Fábio Farroco Braga (born 6 September 1992) is a Portuguese footballer who plays as a defensive midfielder.

==Club career==
Born in Lisbon, Braga moved to Brazil in 1995, aged two. In 2009, he joined Fluminense's youth setup, after a stint at Internacional, and was promoted to the former's first team ahead of the 2012 campaign.

Braga made his senior debut on 21 January 2012, coming on as a late substitute for Alejandro Martinuccio in a 3–0 home win against Friburguense for the Campeonato Carioca championship. He scored his first goal on 28 April, netting the first in a 2–0 home success over Volta Redonda.
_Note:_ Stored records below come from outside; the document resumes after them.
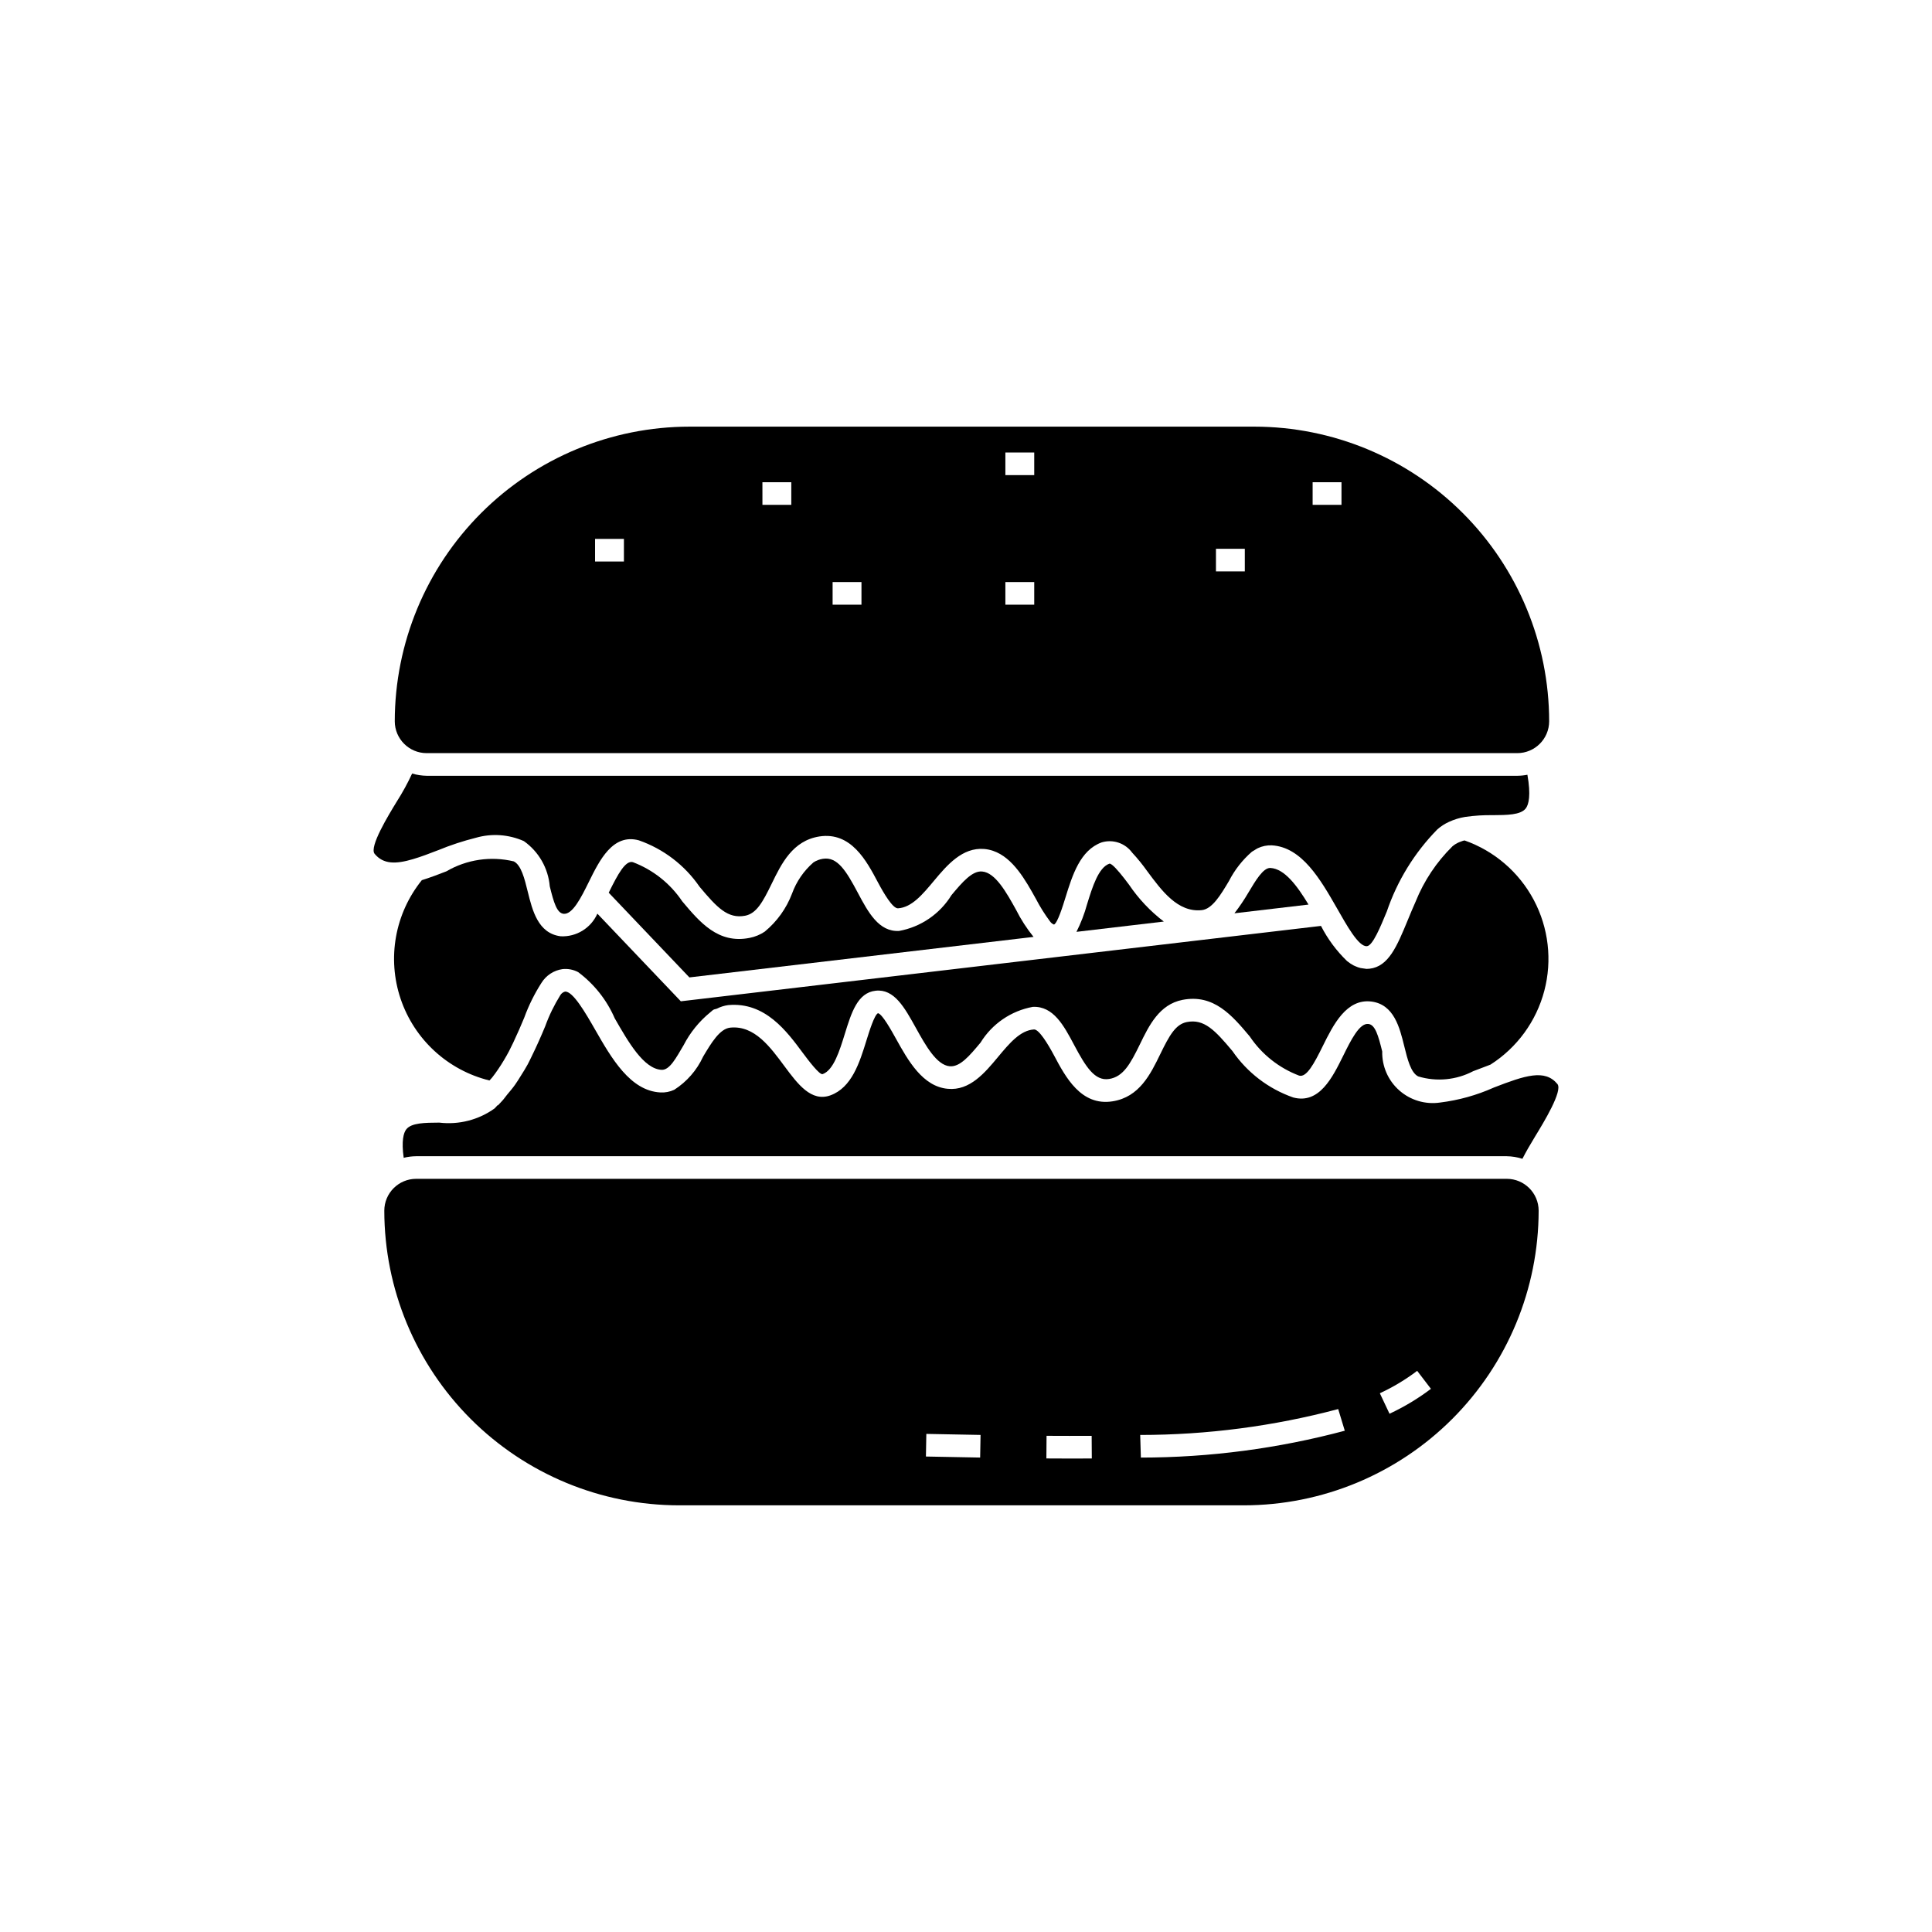 <?xml version="1.0" encoding="UTF-8"?>
<!-- Uploaded to: SVG Repo, www.svgrepo.com, Generator: SVG Repo Mixer Tools -->
<svg fill="#000000" width="800px" height="800px" version="1.1" viewBox="144 144 512 512" xmlns="http://www.w3.org/2000/svg">
 <g>
  <path d="m417.9 392.29c-1.793-2.215-3.344-4.617-4.625-7.164-2.57-4.629-5.484-9.875-8.992-10.168-2.598-0.25-5.231 2.781-8.137 6.266-3.066 4.984-8.105 8.43-13.863 9.484-5.367 0.316-8.219-4.965-10.922-10.059-3.117-5.863-5.445-9.676-9.281-9.055v-0.004c-0.887 0.137-1.734 0.457-2.492 0.945-2.574 2.231-4.535 5.082-5.695 8.285-1.496 3.938-3.992 7.41-7.242 10.082-1.215 0.812-2.578 1.375-4.012 1.652-8.293 1.641-13.16-4.121-17.848-9.703-3.18-4.731-7.75-8.352-13.082-10.371-1.941-0.52-3.926 3.098-6.293 7.898l-0.098 0.199 21.375 22.449z"/>
  <path d="m292.55 392.12c-5.969-0.77-7.473-6.879-8.684-11.793-0.855-3.481-1.742-7.074-3.711-8.051-6.07-1.457-12.469-0.512-17.859 2.637-2.106 0.816-4.285 1.652-6.465 2.328l-0.051 0.02h0.004c-7.125 8.84-9.242 20.703-5.609 31.461 3.633 10.758 12.512 18.91 23.539 21.617 0.234-0.277 0.504-0.523 0.727-0.809 0.555-0.703 1.074-1.426 1.574-2.164 0.531-0.785 1.043-1.578 1.52-2.387 0.469-0.793 0.934-1.586 1.355-2.394 0.398-0.766 0.766-1.527 1.129-2.293 1.09-2.297 2.066-4.566 2.926-6.641l-0.004 0.004c1.172-3.211 2.695-6.285 4.539-9.168 1.227-1.992 3.277-3.336 5.598-3.664 1.426-0.152 2.867 0.125 4.137 0.797 4.242 3.164 7.586 7.387 9.691 12.242 3.602 6.277 7.676 13.395 12.41 13.656 2.188 0.117 3.902-3.273 5.848-6.535 1.727-3.356 4.129-6.316 7.055-8.703 0.301-0.211 0.543-0.516 0.863-0.695 0.266-0.148 0.613-0.156 0.891-0.281v0.004c0.945-0.484 1.965-0.809 3.019-0.949h0.02c9.777-0.875 15.508 6.969 19.773 12.715 1.422 1.914 4.434 5.902 5.231 5.574 2.891-1.035 4.484-6.184 5.887-10.723 1.73-5.578 3.363-10.852 8.148-11.375 4.945-0.543 7.695 4.512 10.664 9.855 2.57 4.629 5.484 9.875 8.988 10.168 2.723 0.215 5.234-2.777 8.141-6.266h0.004c3.066-4.984 8.105-8.43 13.863-9.48 5.434-0.25 8.223 4.969 10.922 10.059 3.117 5.867 5.492 9.645 9.281 9.055 3.742-0.598 5.586-3.887 8.188-9.227 2.398-4.938 5.117-10.523 11.254-11.738 8.301-1.625 13.164 4.121 17.848 9.703 3.18 4.731 7.75 8.352 13.082 10.371 1.957 0.539 3.926-3.098 6.293-7.898 2.769-5.602 6.258-12.562 12.867-11.734 5.969 0.77 7.473 6.879 8.684 11.793 0.855 3.481 1.742 7.074 3.711 8.051 4.848 1.461 10.078 0.965 14.562-1.387 1.098-0.406 2.199-0.824 3.297-1.25l0.613-0.234 0.688-0.266c7.043-4.5 12.133-11.484 14.258-19.566 2.125-8.082 1.129-16.668-2.789-24.051-3.918-7.383-10.469-13.016-18.355-15.789-0.152 0.043-0.32 0.07-0.469 0.117v0.004c-0.312 0.098-0.621 0.211-0.922 0.34-0.633 0.258-1.223 0.609-1.746 1.047l-0.051 0.035c-4.234 4.168-7.562 9.16-9.777 14.672-0.762 1.703-1.449 3.371-2.098 4.945-2.836 6.867-5.078 12.297-10.129 12.84h-0.004c-0.266 0.027-0.531 0.039-0.797 0.043-0.273-0.023-0.543-0.062-0.812-0.117-0.254-0.023-0.512-0.062-0.762-0.113-0.48-0.117-0.949-0.281-1.398-0.492-0.148-0.07-0.305-0.121-0.449-0.199-0.559-0.301-1.086-0.648-1.578-1.047l-0.16-0.117v-0.004c-2.797-2.695-5.125-5.84-6.891-9.301l-169.65 19.977-22.117-23.223c-1.695 3.824-5.574 6.211-9.754 5.996z"/>
  <path d="m443.21 378.46c-0.348-0.469-0.793-1.059-1.273-1.676-1.488-1.91-3.356-4.098-3.957-3.894-2.891 1.035-4.484 6.176-5.887 10.719v-0.004c-0.691 2.539-1.637 5-2.82 7.344l23.152-2.727v0.004c-3.582-2.734-6.691-6.031-9.215-9.766z"/>
  <path d="m257.07 343.59h289.02c4.664-0.004 8.445-3.781 8.453-8.445-0.023-20.703-8.258-40.547-22.895-55.184-14.641-14.641-34.484-22.875-55.188-22.895h-149.76c-20.703 0.02-40.547 8.254-55.188 22.895-14.637 14.637-22.871 34.484-22.895 55.184 0.008 4.664 3.789 8.441 8.449 8.445zm234.79-71.801h7.648v5.996h-7.648zm-25.621 17.645h7.648v5.996h-7.648zm-55.805-25.516h7.648v5.996h-7.648zm0 34.34h7.648v5.996h-7.648zm-45.785 0h7.648v5.996h-7.648zm-18.602-26.469h7.652v5.996h-7.648zm-44.352 15.027h7.648v5.996h-7.648z"/>
  <path d="m253.45 371.68c2.156-0.633 4.394-1.492 6.676-2.375v0.004c3.238-1.336 6.57-2.434 9.965-3.285 4.215-1.219 8.727-0.906 12.734 0.875 3.945 2.789 6.461 7.176 6.871 11.992 1.047 4.25 1.863 7.047 3.625 7.273 2.398 0.297 4.699-4.336 6.723-8.438 2.832-5.738 6.336-12.879 13.227-11.039 6.547 2.281 12.195 6.594 16.121 12.312 4.629 5.512 7.469 8.559 12.09 7.676 2.996-0.594 4.652-3.602 7.023-8.477 2.598-5.344 5.543-11.402 12.637-12.527 8.414-1.293 12.5 6.469 15.52 12.164 1.652 3.109 3.938 6.91 5.289 6.879 3.656-0.203 6.535-3.668 9.59-7.328 3.473-4.168 7.512-8.852 13.242-8.402h0.004c0.812 0.066 1.613 0.23 2.387 0.496 5.277 1.793 8.613 7.793 11.355 12.734v-0.004c1.082 2.094 2.336 4.09 3.742 5.977 0.262 0.375 0.625 0.664 1.047 0.836 0.953-0.434 2.316-4.832 3.047-7.191 1.824-5.879 3.891-12.547 9.598-14.594 2.992-0.891 6.219 0.195 8.062 2.711 1.445 1.555 2.785 3.207 4.012 4.938 3.801 5.117 8.062 10.961 14.41 10.312 2.797-0.262 5.059-4.059 7.242-7.723 1.508-2.945 3.566-5.574 6.062-7.746 0.203-0.148 0.43-0.254 0.641-0.387h0.004c0.297-0.203 0.605-0.391 0.926-0.559 1.152-0.547 2.418-0.809 3.695-0.762 7.988 0.441 12.93 9.059 17.285 16.66 2.488 4.34 5.746 10.348 7.981 10.059 1.512-0.16 3.57-5.148 5.223-9.16h0.004c2.769-8.172 7.348-15.609 13.387-21.77 0.922-0.816 1.957-1.492 3.078-2 1.367-0.633 2.812-1.078 4.301-1.32l0.086-0.016 0.02 0.008v-0.004c2.383-0.34 4.789-0.492 7.195-0.453 3.797-0.023 7.379-0.043 8.746-1.766 0.816-1.027 1.414-3.559 0.453-8.949l0.004 0.004c-0.883 0.176-1.781 0.266-2.68 0.273h-289.02c-1.309-0.02-2.609-0.219-3.863-0.594-1.188 2.559-2.543 5.035-4.059 7.414-2.207 3.606-7.367 12.051-5.883 13.855 2.32 2.812 5.609 2.769 10.18 1.414z"/>
  <path d="m480.68 374.02-0.086-0.004c-1.867 0-3.848 3.324-5.762 6.539l-0.004 0.004c-1.109 1.902-2.344 3.731-3.691 5.473l19.633-2.312c-3.016-4.984-6.344-9.492-10.09-9.699z"/>
  <path d="m543.31 456.4h-289.02c-4.664 0.004-8.441 3.785-8.445 8.445 0.02 20.703 8.254 40.547 22.895 55.188 14.637 14.637 34.484 22.871 55.184 22.895h149.75c20.703-0.023 40.551-8.258 55.188-22.895 14.637-14.641 22.871-34.484 22.895-55.188-0.004-4.66-3.785-8.441-8.445-8.445zm-139.56 73.867-14.371-0.273 0.109-5.996 14.371 0.273zm24.188 0.262c-2.203 0-4.414-0.008-6.637-0.027l0.047-5.996c4.019 0.023 8.004 0.027 11.953 0.008l0.039 5.996c-1.789 0.012-3.594 0.02-5.402 0.02zm18.406-0.254-0.18-5.996c17.715-0.008 35.352-2.312 52.473-6.863l1.742 5.738v0.004c-17.625 4.707-35.789 7.102-54.035 7.117zm65.891-11.621-2.562-5.426c3.5-1.625 6.816-3.613 9.891-5.941l3.648 4.766c-3.418 2.582-7.098 4.793-10.977 6.602z"/>
  <path d="m539.93 432.19-0.066 0.027v0.004c-4.523 2.023-9.32 3.359-14.238 3.965-3.902 0.57-7.852-0.609-10.805-3.219s-4.606-6.387-4.519-10.328c-1.047-4.25-1.863-7.047-3.625-7.273-2.383-0.367-4.699 4.336-6.723 8.438-2.836 5.738-6.34 12.867-13.227 11.039-6.547-2.281-12.195-6.594-16.121-12.312-4.633-5.519-7.492-8.578-12.09-7.676-2.996 0.594-4.652 3.602-7.023 8.477-2.598 5.344-5.543 11.402-12.637 12.527-8.375 1.34-12.496-6.465-15.523-12.164-1.652-3.109-4-6.922-5.289-6.879-3.656 0.203-6.535 3.668-9.59 7.328-3.469 4.172-7.461 8.941-13.242 8.402-6.699-0.555-10.605-7.582-13.742-13.23-1.277-2.305-3.66-6.586-4.793-6.809-0.953 0.434-2.316 4.832-3.051 7.191-1.82 5.879-3.887 12.547-9.594 14.594-5.039 1.793-8.617-3-12.074-7.648-3.797-5.113-7.977-10.949-14.41-10.312-2.797 0.266-5.059 4.059-7.238 7.723h0.004c-1.656 3.582-4.305 6.613-7.625 8.742-1.156 0.543-2.43 0.789-3.703 0.711-7.988-0.441-12.93-9.059-17.285-16.66-2.488-4.34-5.902-10.273-7.981-10.059h-0.004c-0.512 0.148-0.945 0.48-1.223 0.938-1.617 2.594-2.961 5.348-4 8.223-1.035 2.508-2.242 5.25-3.602 8.016-0.352 0.711-0.672 1.406-1.055 2.121-0.535 1.004-1.168 1.973-1.781 2.965-0.504 0.816-1.004 1.625-1.566 2.422-0.641 0.906-1.371 1.758-2.098 2.625-0.449 0.535-0.816 1.113-1.301 1.629l-1.125 1.203-0.125-0.023c-0.266 0.258-0.457 0.559-0.738 0.812-4.246 3.059-9.484 4.406-14.68 3.785-3.797 0.023-7.379 0.043-8.746 1.766-0.746 0.938-1.32 3.109-0.695 7.559 1.082-0.27 2.191-0.406 3.305-0.418h289.02c1.406 0.02 2.805 0.25 4.148 0.68 0.922-1.809 2.035-3.746 3.387-5.957 2.207-3.609 7.371-12.059 5.883-13.863-3.32-4.019-8.551-2.269-16.797 0.922z"/>
 </g>
</svg>

Braga made his Série A debut on 20 May, starting in a 1–0 win at Corinthians, and finished the season with eight league matches, as his side was crowned champions. In August 2013 he was linked to a move to Modena, but the deal later collapsed.

On 27 August 2014, after being rarely used, Braga was loaned to América-RN until December. He appeared in only four matches for the side, which eventually suffered relegation.

On 28 January 2015 Braga moved to CSM Studențesc Iași, signing a six-month contract after being released by Flu. He scored his first professional goal on 9 March, netting the last in a 2–0 away win against FC Petrolul Ploiești.

Braga returned to Brazil on 6 January 2016, signing for Coritiba Foot Ball Club. Unused as they finished runners-up in the Campeonato Paranaense, he made his debut on 4 June, replacing César González for the final 20 minutes of a 2–1 loss at national champions Sport Club Corinthians Paulista.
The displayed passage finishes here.